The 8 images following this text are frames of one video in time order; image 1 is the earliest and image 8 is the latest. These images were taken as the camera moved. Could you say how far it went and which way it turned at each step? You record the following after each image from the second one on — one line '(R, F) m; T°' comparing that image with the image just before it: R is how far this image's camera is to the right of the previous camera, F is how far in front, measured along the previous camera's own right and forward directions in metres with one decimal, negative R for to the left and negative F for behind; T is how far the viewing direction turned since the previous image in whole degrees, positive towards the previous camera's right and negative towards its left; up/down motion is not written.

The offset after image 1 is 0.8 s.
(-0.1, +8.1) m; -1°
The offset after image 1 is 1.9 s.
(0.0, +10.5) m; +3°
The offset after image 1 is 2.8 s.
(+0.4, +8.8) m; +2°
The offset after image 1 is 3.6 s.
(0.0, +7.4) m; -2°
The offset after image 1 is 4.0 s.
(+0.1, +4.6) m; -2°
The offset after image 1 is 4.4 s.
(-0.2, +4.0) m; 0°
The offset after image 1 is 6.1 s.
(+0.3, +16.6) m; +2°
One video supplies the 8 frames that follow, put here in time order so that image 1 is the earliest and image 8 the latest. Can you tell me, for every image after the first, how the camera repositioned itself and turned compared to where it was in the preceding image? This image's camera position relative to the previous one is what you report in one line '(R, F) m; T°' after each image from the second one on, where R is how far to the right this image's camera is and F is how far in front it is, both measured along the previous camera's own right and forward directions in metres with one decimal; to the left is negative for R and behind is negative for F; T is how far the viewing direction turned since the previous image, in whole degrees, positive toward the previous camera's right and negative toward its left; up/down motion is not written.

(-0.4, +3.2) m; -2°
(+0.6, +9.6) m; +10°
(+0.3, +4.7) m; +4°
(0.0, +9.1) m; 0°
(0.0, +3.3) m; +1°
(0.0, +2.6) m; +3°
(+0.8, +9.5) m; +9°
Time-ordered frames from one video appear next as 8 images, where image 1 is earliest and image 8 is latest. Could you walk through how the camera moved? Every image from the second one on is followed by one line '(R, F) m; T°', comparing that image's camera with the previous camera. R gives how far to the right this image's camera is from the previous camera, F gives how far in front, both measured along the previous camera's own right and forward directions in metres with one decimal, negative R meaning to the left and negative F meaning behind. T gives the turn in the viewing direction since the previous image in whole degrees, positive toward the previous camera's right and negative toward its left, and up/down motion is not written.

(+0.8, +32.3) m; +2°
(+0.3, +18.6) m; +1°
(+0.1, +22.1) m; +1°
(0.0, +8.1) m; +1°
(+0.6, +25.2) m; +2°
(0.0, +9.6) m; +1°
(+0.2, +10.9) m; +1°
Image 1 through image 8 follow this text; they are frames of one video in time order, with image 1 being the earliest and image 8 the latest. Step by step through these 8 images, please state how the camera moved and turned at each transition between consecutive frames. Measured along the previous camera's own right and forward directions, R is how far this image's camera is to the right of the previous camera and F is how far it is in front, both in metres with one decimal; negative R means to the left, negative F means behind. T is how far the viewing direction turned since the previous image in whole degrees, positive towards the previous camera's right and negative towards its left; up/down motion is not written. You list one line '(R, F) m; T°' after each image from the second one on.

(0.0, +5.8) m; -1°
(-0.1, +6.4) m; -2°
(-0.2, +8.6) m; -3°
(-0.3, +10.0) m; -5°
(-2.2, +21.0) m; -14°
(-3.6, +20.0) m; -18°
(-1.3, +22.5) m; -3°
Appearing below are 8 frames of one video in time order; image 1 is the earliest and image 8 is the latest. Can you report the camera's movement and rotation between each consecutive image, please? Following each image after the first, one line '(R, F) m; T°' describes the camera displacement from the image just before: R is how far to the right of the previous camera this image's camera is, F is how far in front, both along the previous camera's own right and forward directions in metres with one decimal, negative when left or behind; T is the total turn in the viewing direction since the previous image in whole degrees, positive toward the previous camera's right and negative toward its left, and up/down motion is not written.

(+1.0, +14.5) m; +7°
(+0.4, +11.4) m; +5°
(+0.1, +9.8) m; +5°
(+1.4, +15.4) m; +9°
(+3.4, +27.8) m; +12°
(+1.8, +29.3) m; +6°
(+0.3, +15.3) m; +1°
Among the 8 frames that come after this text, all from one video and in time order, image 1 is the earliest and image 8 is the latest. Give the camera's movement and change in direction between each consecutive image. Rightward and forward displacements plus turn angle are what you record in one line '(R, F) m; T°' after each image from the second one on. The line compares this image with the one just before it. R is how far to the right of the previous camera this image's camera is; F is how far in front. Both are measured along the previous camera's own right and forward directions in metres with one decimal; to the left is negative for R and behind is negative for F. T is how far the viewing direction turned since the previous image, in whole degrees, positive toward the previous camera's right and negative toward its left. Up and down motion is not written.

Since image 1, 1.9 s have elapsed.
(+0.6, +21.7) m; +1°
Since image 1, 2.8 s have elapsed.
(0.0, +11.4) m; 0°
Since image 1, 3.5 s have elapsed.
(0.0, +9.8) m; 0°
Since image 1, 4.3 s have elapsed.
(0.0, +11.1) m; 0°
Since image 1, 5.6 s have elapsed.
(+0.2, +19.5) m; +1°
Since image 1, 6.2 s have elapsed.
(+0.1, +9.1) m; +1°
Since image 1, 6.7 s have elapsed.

Task statement: The material above must be written out again in full, exactly.

Completed task:
The 8 images following this text are frames of one video in time order; image 1 is the earliest and image 8 is the latest. These images were taken as the camera moved. Could you say how far it went and which way it turned at each step? You record the following after each image from the second one on — one line '(R, F) m; T°' comparing that image with the image just before it: R is how far this image's camera is to the right of the previous camera, F is how far in front, measured along the previous camera's own right and forward directions in metres with one decimal, negative R for to the left and negative F for behind; T is how far the viewing direction turned since the previous image in whole degrees, positive towards the previous camera's right and negative towards its left; up/down motion is not written.

The offset after image 1 is 0.8 s.
(-0.1, +8.1) m; -1°
The offset after image 1 is 1.9 s.
(0.0, +10.5) m; +3°
The offset after image 1 is 2.8 s.
(+0.4, +8.8) m; +2°
The offset after image 1 is 3.6 s.
(0.0, +7.4) m; -2°
The offset after image 1 is 4.0 s.
(+0.1, +4.6) m; -2°
The offset after image 1 is 4.4 s.
(-0.2, +4.0) m; 0°
The offset after image 1 is 6.1 s.
(+0.3, +16.6) m; +2°
One video supplies the 8 frames that follow, put here in time order so that image 1 is the earliest and image 8 the latest. Can you tell me, for every image after the first, how the camera repositioned itself and turned compared to where it was in the preceding image? This image's camera position relative to the previous one is what you report in one line '(R, F) m; T°' after each image from the second one on, where R is how far to the right this image's camera is and F is how far in front it is, both measured along the previous camera's own right and forward directions in metres with one decimal; to the left is negative for R and behind is negative for F; T is how far the viewing direction turned since the previous image, in whole degrees, positive toward the previous camera's right and negative toward its left; up/down motion is not written.

(-0.4, +3.2) m; -2°
(+0.6, +9.6) m; +10°
(+0.3, +4.7) m; +4°
(0.0, +9.1) m; 0°
(0.0, +3.3) m; +1°
(0.0, +2.6) m; +3°
(+0.8, +9.5) m; +9°
Time-ordered frames from one video appear next as 8 images, where image 1 is earliest and image 8 is latest. Could you walk through how the camera moved? Every image from the second one on is followed by one line '(R, F) m; T°', comparing that image's camera with the previous camera. R gives how far to the right this image's camera is from the previous camera, F gives how far in front, both measured along the previous camera's own right and forward directions in metres with one decimal, negative R meaning to the left and negative F meaning behind. T gives the turn in the viewing direction since the previous image in whole degrees, positive toward the previous camera's right and negative toward its left, and up/down motion is not written.

(+0.8, +32.3) m; +2°
(+0.3, +18.6) m; +1°
(+0.1, +22.1) m; +1°
(0.0, +8.1) m; +1°
(+0.6, +25.2) m; +2°
(0.0, +9.6) m; +1°
(+0.2, +10.9) m; +1°
Image 1 through image 8 follow this text; they are frames of one video in time order, with image 1 being the earliest and image 8 the latest. Step by step through these 8 images, please state how the camera moved and turned at each transition between consecutive frames. Measured along the previous camera's own right and forward directions, R is how far this image's camera is to the right of the previous camera and F is how far it is in front, both in metres with one decimal; negative R means to the left, negative F means behind. T is how far the viewing direction turned since the previous image in whole degrees, positive towards the previous camera's right and negative towards its left; up/down motion is not written. You list one line '(R, F) m; T°' after each image from the second one on.

(0.0, +5.8) m; -1°
(-0.1, +6.4) m; -2°
(-0.2, +8.6) m; -3°
(-0.3, +10.0) m; -5°
(-2.2, +21.0) m; -14°
(-3.6, +20.0) m; -18°
(-1.3, +22.5) m; -3°
Appearing below are 8 frames of one video in time order; image 1 is the earliest and image 8 is the latest. Can you report the camera's movement and rotation between each consecutive image, please? Following each image after the first, one line '(R, F) m; T°' describes the camera displacement from the image just before: R is how far to the right of the previous camera this image's camera is, F is how far in front, both along the previous camera's own right and forward directions in metres with one decimal, negative when left or behind; T is the total turn in the viewing direction since the previous image in whole degrees, positive toward the previous camera's right and negative toward its left, and up/down motion is not written.

(+1.0, +14.5) m; +7°
(+0.4, +11.4) m; +5°
(+0.1, +9.8) m; +5°
(+1.4, +15.4) m; +9°
(+3.4, +27.8) m; +12°
(+1.8, +29.3) m; +6°
(+0.3, +15.3) m; +1°
Among the 8 frames that come after this text, all from one video and in time order, image 1 is the earliest and image 8 is the latest. Give the camera's movement and change in direction between each consecutive image. Rightward and forward displacements plus turn angle are what you record in one line '(R, F) m; T°' after each image from the second one on. The line compares this image with the one just before it. R is how far to the right of the previous camera this image's camera is; F is how far in front. Both are measured along the previous camera's own right and forward directions in metres with one decimal; to the left is negative for R and behind is negative for F. T is how far the viewing direction turned since the previous image, in whole degrees, positive toward the previous camera's right and negative toward its left. Up and down motion is not written.

Since image 1, 1.9 s have elapsed.
(+0.6, +21.7) m; +1°
Since image 1, 2.8 s have elapsed.
(0.0, +11.4) m; 0°
Since image 1, 3.5 s have elapsed.
(0.0, +9.8) m; 0°
Since image 1, 4.3 s have elapsed.
(0.0, +11.1) m; 0°
Since image 1, 5.6 s have elapsed.
(+0.2, +19.5) m; +1°
Since image 1, 6.2 s have elapsed.
(+0.1, +9.1) m; +1°
Since image 1, 6.7 s have elapsed.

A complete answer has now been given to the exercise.